*** EXCERPTED DATA ***

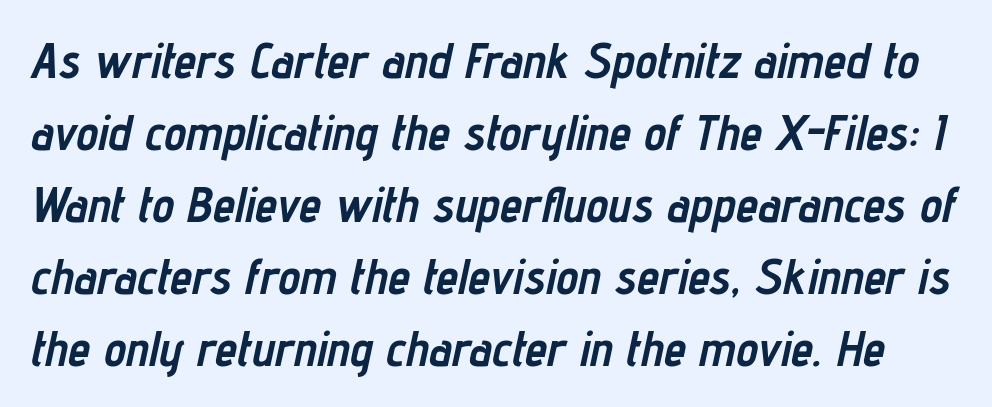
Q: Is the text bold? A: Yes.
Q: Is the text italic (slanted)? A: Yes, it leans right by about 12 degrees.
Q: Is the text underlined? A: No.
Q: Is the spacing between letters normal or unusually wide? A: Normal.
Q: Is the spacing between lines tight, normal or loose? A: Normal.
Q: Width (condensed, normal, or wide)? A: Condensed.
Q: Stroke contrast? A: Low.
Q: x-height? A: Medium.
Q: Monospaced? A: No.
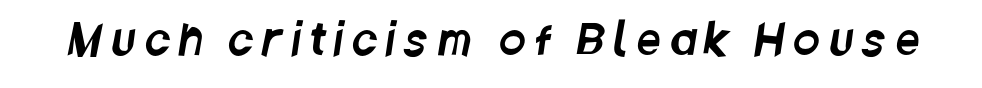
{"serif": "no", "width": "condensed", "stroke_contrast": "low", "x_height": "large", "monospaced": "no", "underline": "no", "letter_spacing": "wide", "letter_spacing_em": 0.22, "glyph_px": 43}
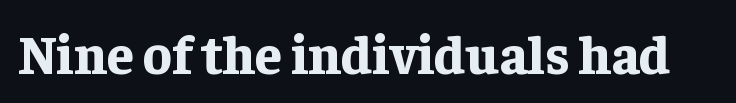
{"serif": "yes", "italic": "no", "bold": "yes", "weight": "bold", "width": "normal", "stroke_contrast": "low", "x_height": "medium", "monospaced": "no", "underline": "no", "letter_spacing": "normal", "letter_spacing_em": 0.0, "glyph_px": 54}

***
*** EXCERPTED DATA ***

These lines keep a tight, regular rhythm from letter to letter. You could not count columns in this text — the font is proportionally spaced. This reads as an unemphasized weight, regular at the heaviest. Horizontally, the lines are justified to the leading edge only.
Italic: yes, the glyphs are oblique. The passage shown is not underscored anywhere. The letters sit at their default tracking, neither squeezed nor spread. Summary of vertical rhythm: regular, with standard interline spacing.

***
*** EXCERPTED DATA ***

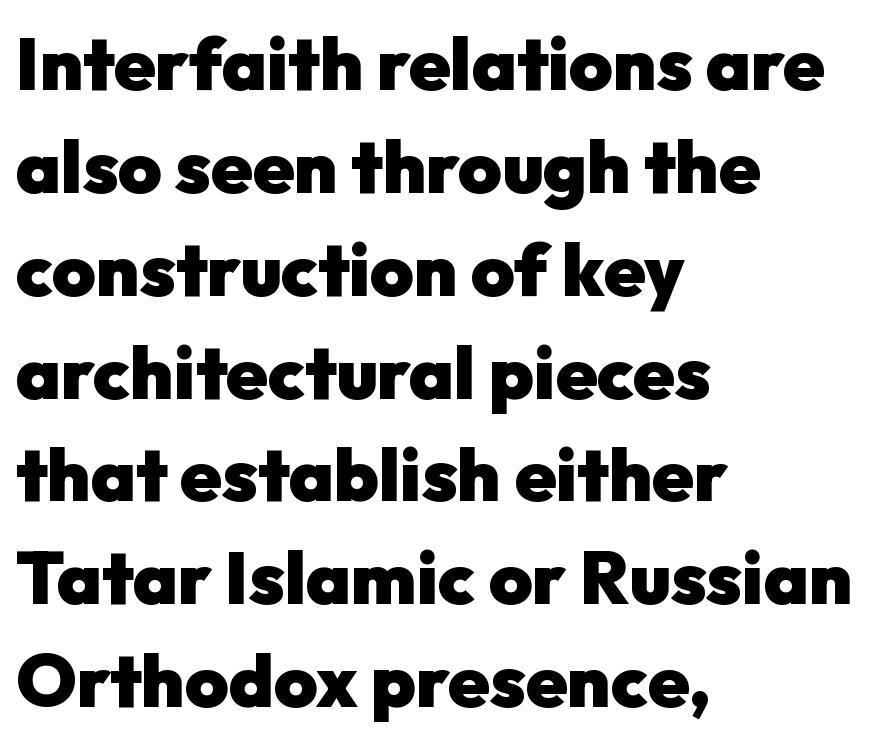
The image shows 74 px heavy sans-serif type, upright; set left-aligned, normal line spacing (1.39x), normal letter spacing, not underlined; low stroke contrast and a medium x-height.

***

**GOAL OF THE EXERCISE:** Could you return the lines in the entries above that contain "text"?

**ANSWER SECTION:**
Q: Is the text bold? A: Yes.
Q: Is the text italic (slanted)? A: Yes, it leans right by about 12 degrees.
Q: Is the text underlined? A: No.
These lines keep a tight, regular rhythm from letter to letter. You could not count columns in this text — the font is proportionally spaced. This reads as an unemphasized weight, regular at the heaviest. Horizontally, the lines are justified to the leading edge only.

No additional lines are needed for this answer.